The result should be a full, exact repeat of the entries, free of pictures.

(Records supplied Opens)

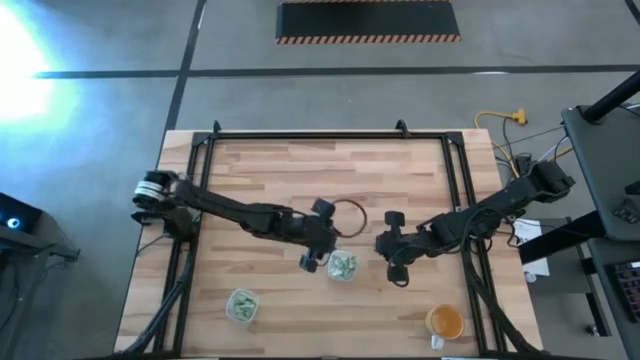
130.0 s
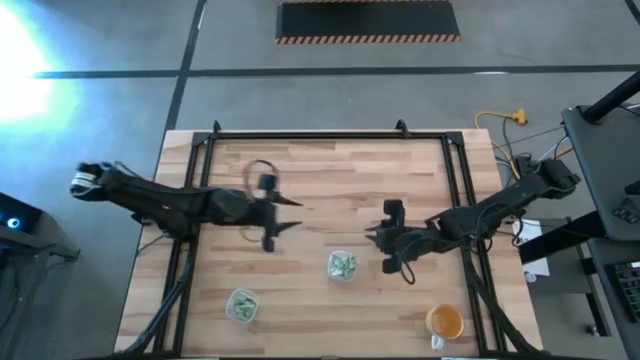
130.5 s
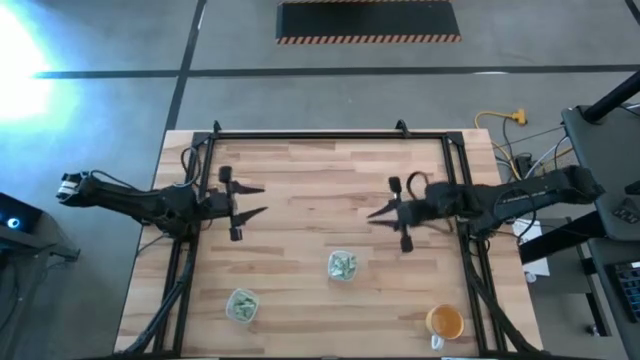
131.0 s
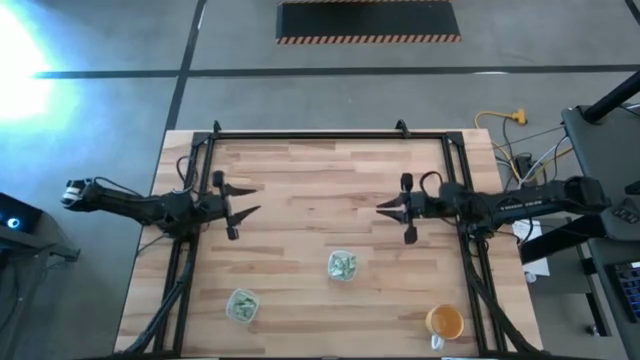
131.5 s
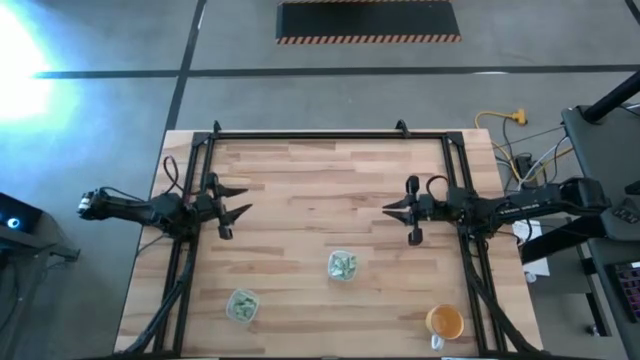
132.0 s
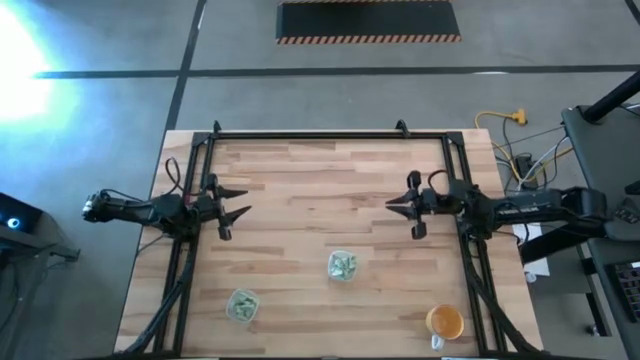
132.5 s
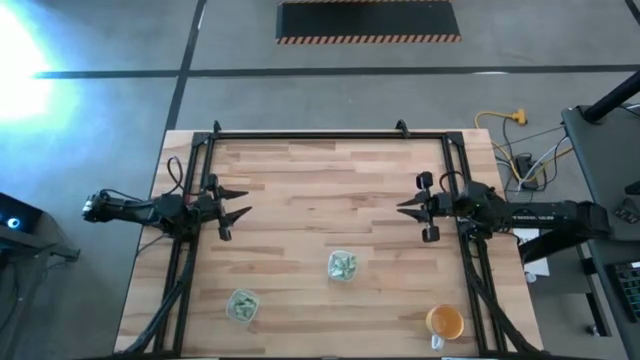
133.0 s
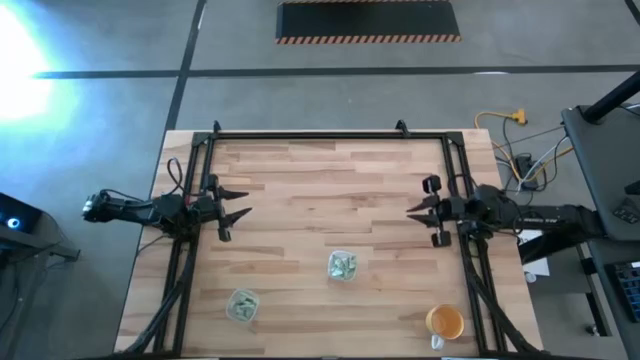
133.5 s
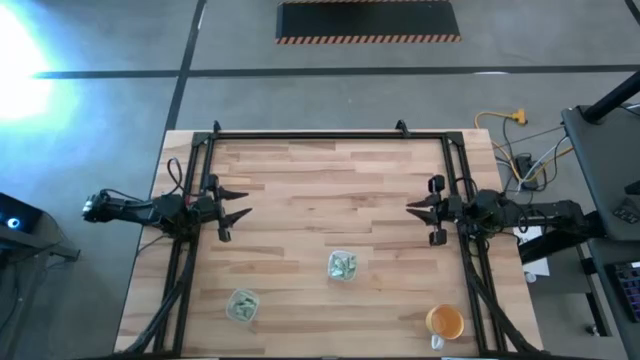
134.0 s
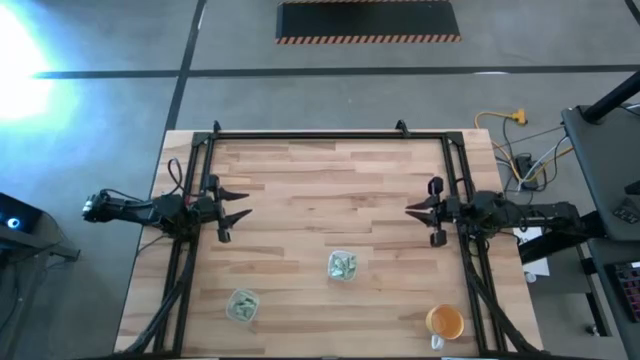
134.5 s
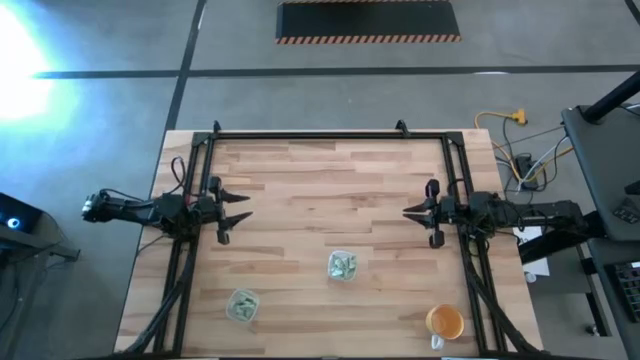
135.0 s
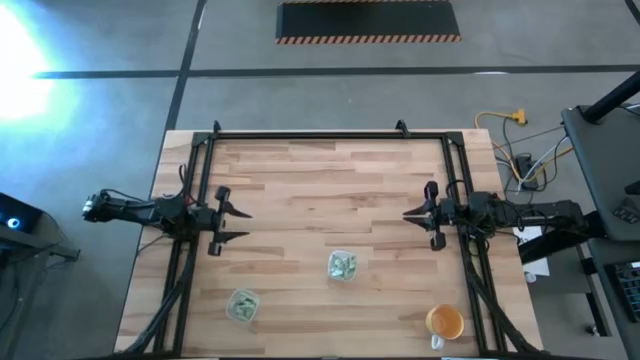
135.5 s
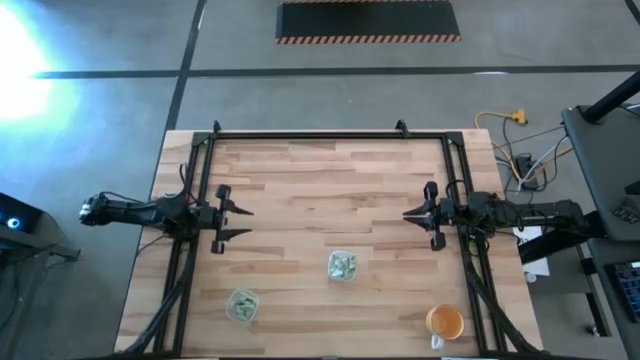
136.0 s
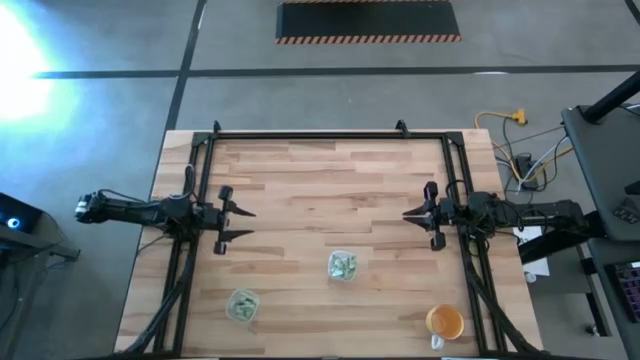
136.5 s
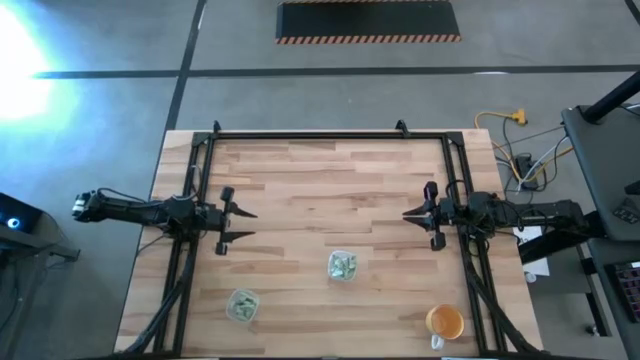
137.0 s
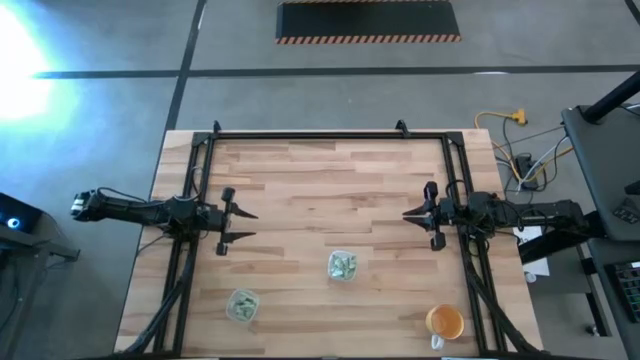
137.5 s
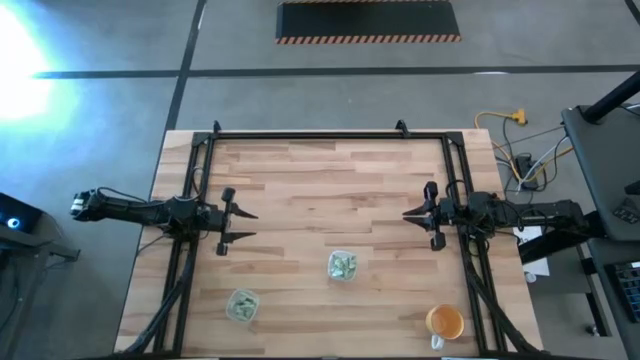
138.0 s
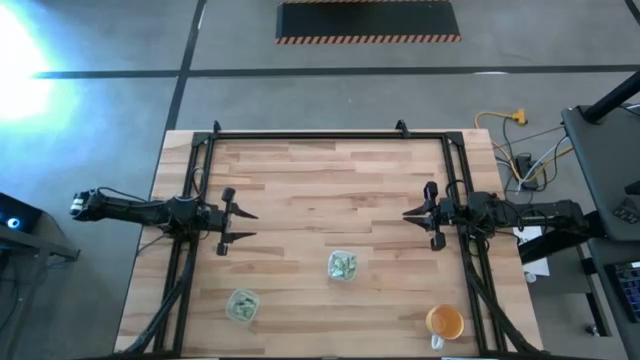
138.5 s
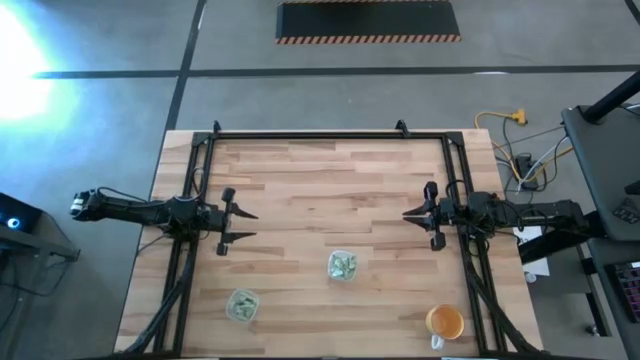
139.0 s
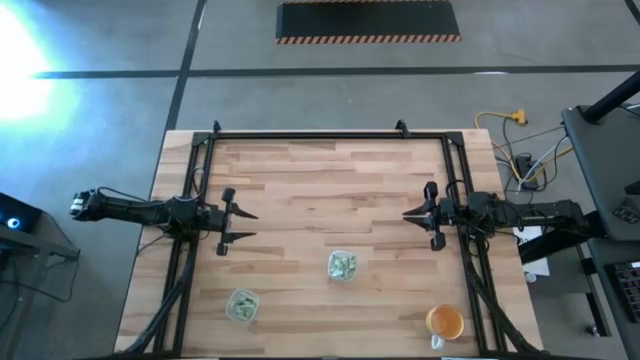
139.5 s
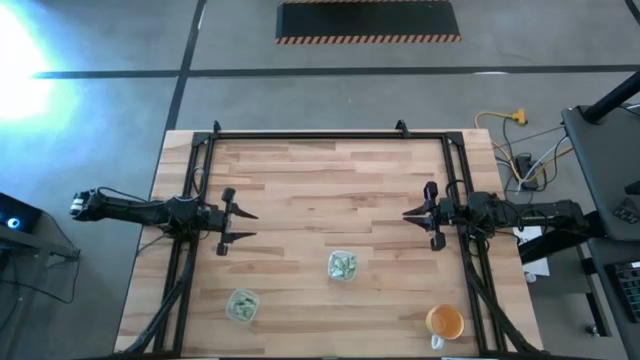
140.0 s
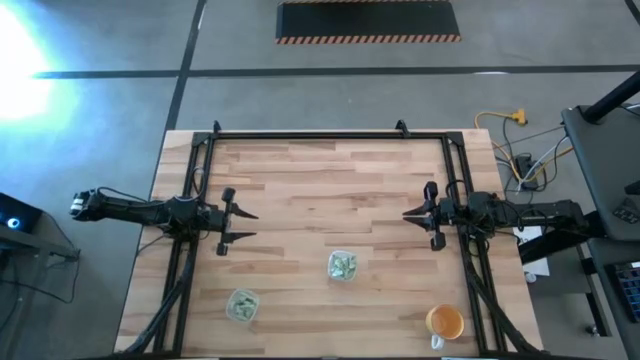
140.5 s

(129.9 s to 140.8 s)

(Records supplied Closes)

Written reply:
130.0 s
130.5 s
131.0 s
131.5 s
132.0 s
132.5 s
133.0 s
133.5 s
134.0 s
134.5 s
135.0 s
135.5 s
136.0 s
136.5 s
137.0 s
137.5 s
138.0 s
138.5 s
139.0 s
139.5 s
140.0 s
140.5 s

(129.9 s to 140.8 s)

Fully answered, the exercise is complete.